(Data section begins)
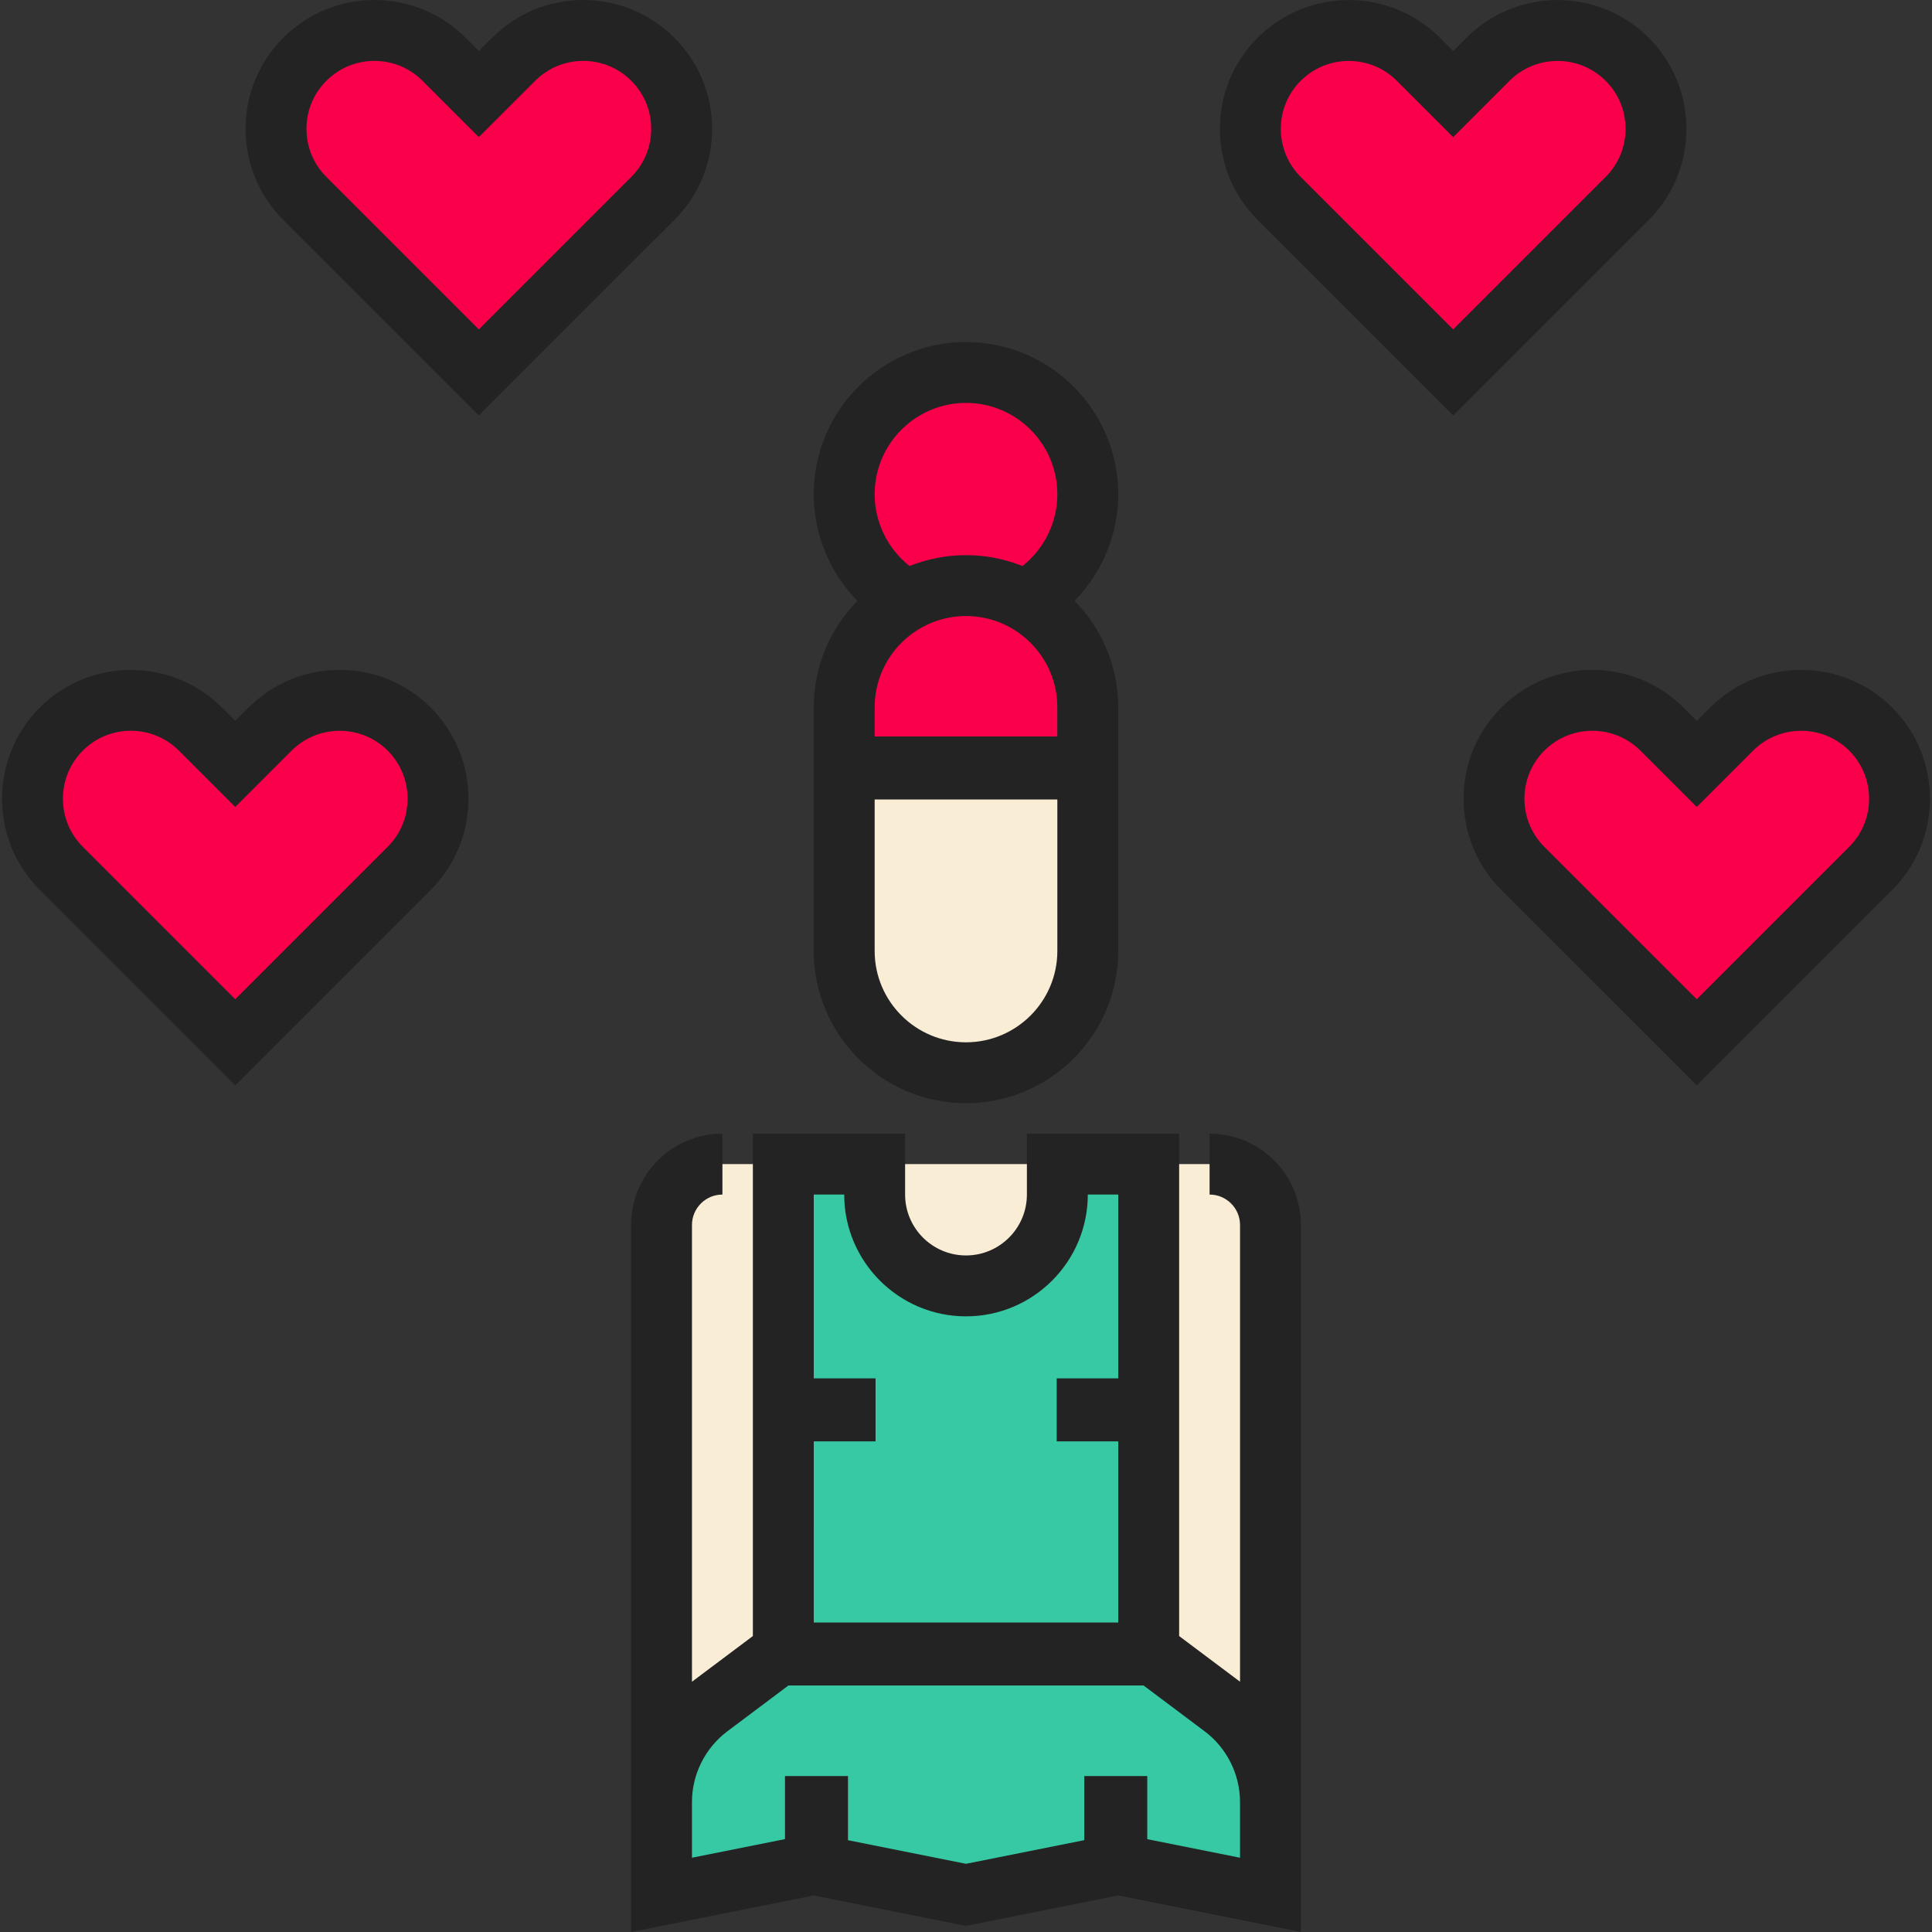 <?xml version="1.0" encoding="iso-8859-1"?>
<!-- Uploaded to: SVG Repo, www.svgrepo.com, Generator: SVG Repo Mixer Tools -->
<svg height="800px" width="800px" version="1.1" id="Layer_1" xmlns="http://www.w3.org/2000/svg" xmlns:xlink="http://www.w3.org/1999/xlink" 
	 viewBox="0 0 512 512" xml:space="preserve">
<rect x="0" y="0" width="512" height="512" fill="#333333" stroke="none"/>
<path style="fill:#FA004B;" d="M239.85,158.932c-9.641-5.583-16.126-16.01-16.126-27.951c0-17.826,14.451-32.277,32.277-32.277
	s32.277,14.451,32.277,32.277c0,11.946-6.49,22.377-16.136,27.957"/>
<path style="fill:#FAEDD6;" d="M336.691,461.812H175.309V311.481c0-1.647,1.335-2.981,2.981-2.981h155.418
	c1.647,0,2.981,1.335,2.981,2.981v150.331H336.691z"/>
<path style="fill:#36C9A3;" d="M304.415,437.605l19.673,14.755c7.934,5.95,12.603,15.289,12.603,25.207v24.591l-40.345-8.069
	L256,502.157l-40.345-8.069l-40.345,8.069v-24.591c0-9.918,4.669-19.256,12.603-25.207l19.673-14.755V308.5h24.207v8.069
	c0,13.369,10.838,24.207,24.207,24.207l0,0c13.369,0,24.207-10.838,24.207-24.207V308.5h24.207v129.105H304.415z"/>
<path style="fill:#FA004B;" d="M108.452,193.228c-10.186-10.186-26.701-10.186-36.887,0l-9.222,9.222l-9.222-9.222
	c-10.186-10.186-26.701-10.186-36.887,0c-10.186,10.186-10.186,26.701,0,36.887l9.222,9.222l36.887,36.888l36.887-36.887
	l9.222-9.222C118.638,219.929,118.638,203.415,108.452,193.228z"/>
<path style="fill:#FAEDD6;" d="M256.001,284.293L256.001,284.293c-17.826,0-32.277-14.451-32.277-32.277v-64.552
	c0-17.826,14.451-32.277,32.277-32.277l0,0c17.826,0,32.277,14.451,32.277,32.277v64.552
	C288.276,269.842,273.826,284.293,256.001,284.293z"/>
<path style="fill:#FA004B;" d="M288.276,203.602h-64.552v-16.138c0-17.826,14.451-32.277,32.277-32.277l0,0
	c17.826,0,32.277,14.451,32.277,32.277v16.138H288.276z"/>
<path style="fill:#232323;" d="M62.343,287.635l-51.815-51.814c-13.316-13.316-13.316-34.981,0-48.299
	c13.316-13.316,34.982-13.316,48.298,0l3.517,3.517l3.516-3.517c6.451-6.45,15.026-10.002,24.15-10.002s17.698,3.552,24.15,10.002
	c13.317,13.317,13.317,34.982,0,48.299L62.343,287.635z M34.677,193.658c-4.812,0-9.335,1.873-12.737,5.276
	c-7.023,7.023-7.023,18.453,0,25.476l40.404,40.403l40.403-40.403c7.023-7.023,7.023-18.453,0-25.476
	c-7.023-7.023-18.452-7.023-25.475,0L62.343,213.86l-14.929-14.927C44.014,195.531,39.49,193.658,34.677,193.658z"/>
<path style="fill:#FA004B;" d="M173.004,15.708c-10.186-10.186-26.701-10.186-36.887,0l-9.222,9.222l-9.222-9.222
	c-10.186-10.186-26.701-10.186-36.887,0s-10.186,26.701,0,36.887l9.222,9.222l36.887,36.887l36.887-36.887l9.222-9.222
	C183.19,42.409,183.19,25.895,173.004,15.708z"/>
<path style="fill:#232323;" d="M126.895,110.116L75.081,58.301c-6.451-6.45-10.003-15.026-10.003-24.15
	c0.001-9.123,3.553-17.698,10.003-24.15S90.108,0,99.23,0s17.699,3.552,24.15,10.003l3.516,3.517l3.517-3.517
	C136.861,3.552,145.438,0,154.561,0c9.122,0,17.698,3.552,24.15,10.003l0,0l0,0c6.451,6.451,10.003,15.027,10.003,24.15
	s-3.552,17.699-10.003,24.15L126.895,110.116z M99.23,16.138c-4.812,0-9.334,1.874-12.737,5.277s-5.277,7.927-5.277,12.737
	c0,4.812,1.874,9.335,5.277,12.737l40.402,40.403l40.404-40.404c3.403-3.403,5.277-7.926,5.277-12.737s-1.874-9.334-5.277-12.737
	l0,0c-3.403-3.403-7.926-5.277-12.737-5.277s-9.334,1.874-12.737,5.277l-14.929,14.927l-14.928-14.927
	C108.565,18.012,104.042,16.138,99.23,16.138z"/>
<path style="fill:#FA004B;" d="M431.214,15.708c-10.186-10.186-26.701-10.186-36.887,0l-9.222,9.222l-9.222-9.222
	c-10.186-10.186-26.701-10.186-36.887,0s-10.186,26.701,0,36.887l9.222,9.222l36.887,36.887l36.887-36.887l9.222-9.222
	C441.401,42.409,441.401,25.895,431.214,15.708z"/>
<path style="fill:#232323;" d="M385.105,110.116l-51.815-51.815c-6.45-6.451-10.002-15.026-10.002-24.15s3.552-17.698,10.002-24.15
	c13.319-13.316,34.983-13.316,48.299,0l3.516,3.516l3.516-3.516c13.318-13.313,34.981-13.316,48.299,0
	c6.45,6.451,10.002,15.026,10.002,24.15s-3.552,17.698-10.002,24.15L385.105,110.116z M357.439,16.148
	c-4.612,0-9.226,1.756-12.737,5.268c-3.403,3.402-5.276,7.926-5.276,12.737s1.873,9.335,5.276,12.737l40.404,40.404l40.404-40.404
	c3.403-3.402,5.276-7.926,5.276-12.737s-1.873-9.335-5.276-12.737c-7.024-7.024-18.454-7.023-25.476,0l-14.928,14.928
	l-14.928-14.928C366.666,17.903,362.052,16.148,357.439,16.148z"/>
<path style="fill:#FA004B;" d="M495.767,193.228c-10.186-10.186-26.701-10.186-36.887,0l-9.222,9.222l-9.222-9.222
	c-10.186-10.186-26.701-10.186-36.887,0c-10.186,10.186-10.186,26.701,0,36.887l9.222,9.222l36.887,36.887l36.887-36.887
	l9.222-9.222C505.953,219.929,505.953,203.415,495.767,193.228z"/>
<g>
	<path style="fill:#232323;" d="M449.657,287.635l-51.815-51.814c-13.314-13.317-13.314-34.982,0-48.299
		c13.316-13.316,34.981-13.316,48.299,0l3.516,3.516l3.516-3.516c13.318-13.316,34.981-13.316,48.299,0l0,0
		c13.315,13.317,13.315,34.982,0,48.299L449.657,287.635z M421.993,193.666c-4.615,0-9.227,1.756-12.738,5.268
		c-7.023,7.023-7.023,18.453,0,25.476l40.404,40.403l40.404-40.403c7.023-7.023,7.023-18.453,0-25.476
		c-7.022-7.022-18.452-7.023-25.476,0l-14.928,14.928l-14.928-14.928C431.218,195.423,426.606,193.666,421.993,193.666z"/>
	<path style="fill:#232323;" d="M320.553,300.43v16.138c4.45,0,8.069,3.62,8.069,8.069v121.037l-16.138-12.104V300.43h-40.345
		v16.138c0,8.898-7.24,16.138-16.138,16.138c-8.898,0-16.138-7.24-16.138-16.138V300.43h-40.345v133.14l-16.138,12.104V324.638
		c0-4.45,3.62-8.069,8.069-8.069v-16.138c-13.348,0-24.207,10.859-24.207,24.207v152.928v0.384V512l48.415-9.682L256,510.387
		l40.345-8.069L344.76,512v-34.05v-0.384V324.638C344.76,311.29,333.901,300.43,320.553,300.43z M215.655,381.974h16.377v-16.697
		h-16.377v-48.709h8.069c0,17.798,14.479,32.277,32.277,32.277s32.277-14.479,32.277-32.277h8.069v48.709h-16.31v16.697h16.31
		v48.003h-80.69L215.655,381.974L215.655,381.974z M328.622,492.315l-24.586-4.917v-16.723h-16.697v16.986L256,493.928
		l-31.273-6.255v-16.999h-16.697v16.709l-24.653,4.931V477.95v-0.384c0-7.338,3.504-14.348,9.376-18.751l16.187-12.142h94.116
		l16.188,12.142c5.871,4.404,9.375,11.413,9.375,18.751v0.384v14.364H328.622z"/>
	<path style="fill:#232323;" d="M296.345,130.982c0-22.246-18.099-40.345-40.345-40.345s-40.345,18.099-40.345,40.345
		c0,10.665,4.271,20.792,11.564,28.248c-7.146,7.283-11.564,17.251-11.564,28.236v64.552c0,22.245,18.099,40.344,40.345,40.344
		s40.345-18.099,40.345-40.344v-64.552c0-10.985-4.418-20.953-11.564-28.236C292.074,151.774,296.345,141.648,296.345,130.982z
		 M280.207,195.181h-48.415v-7.717c0-13.348,10.859-24.207,24.207-24.207s24.207,10.859,24.207,24.207v7.717H280.207z M256,106.774
		c13.348,0,24.207,10.859,24.207,24.207c0,7.453-3.478,14.469-9.25,19.025c-4.629-1.855-9.674-2.886-14.958-2.886
		c-5.283,0-10.328,1.031-14.957,2.886c-5.773-4.556-9.25-11.572-9.25-19.025C231.793,117.634,242.652,106.774,256,106.774z
		 M256,276.223c-13.348,0-24.207-10.859-24.207-24.206v-40.14h48.415v40.14C280.207,265.364,269.348,276.223,256,276.223z"/>
</g>
</svg>
(Data section ends)
-- What to do --
What belongs in the answer is each line from the listing above that contains "width".

-- Result of this task --
<svg height="800px" width="800px" version="1.1" id="Layer_1" xmlns="http://www.w3.org/2000/svg" xmlns:xlink="http://www.w3.org/1999/xlink" 
<rect x="0" y="0" width="512" height="512" fill="#333333" stroke="none"/>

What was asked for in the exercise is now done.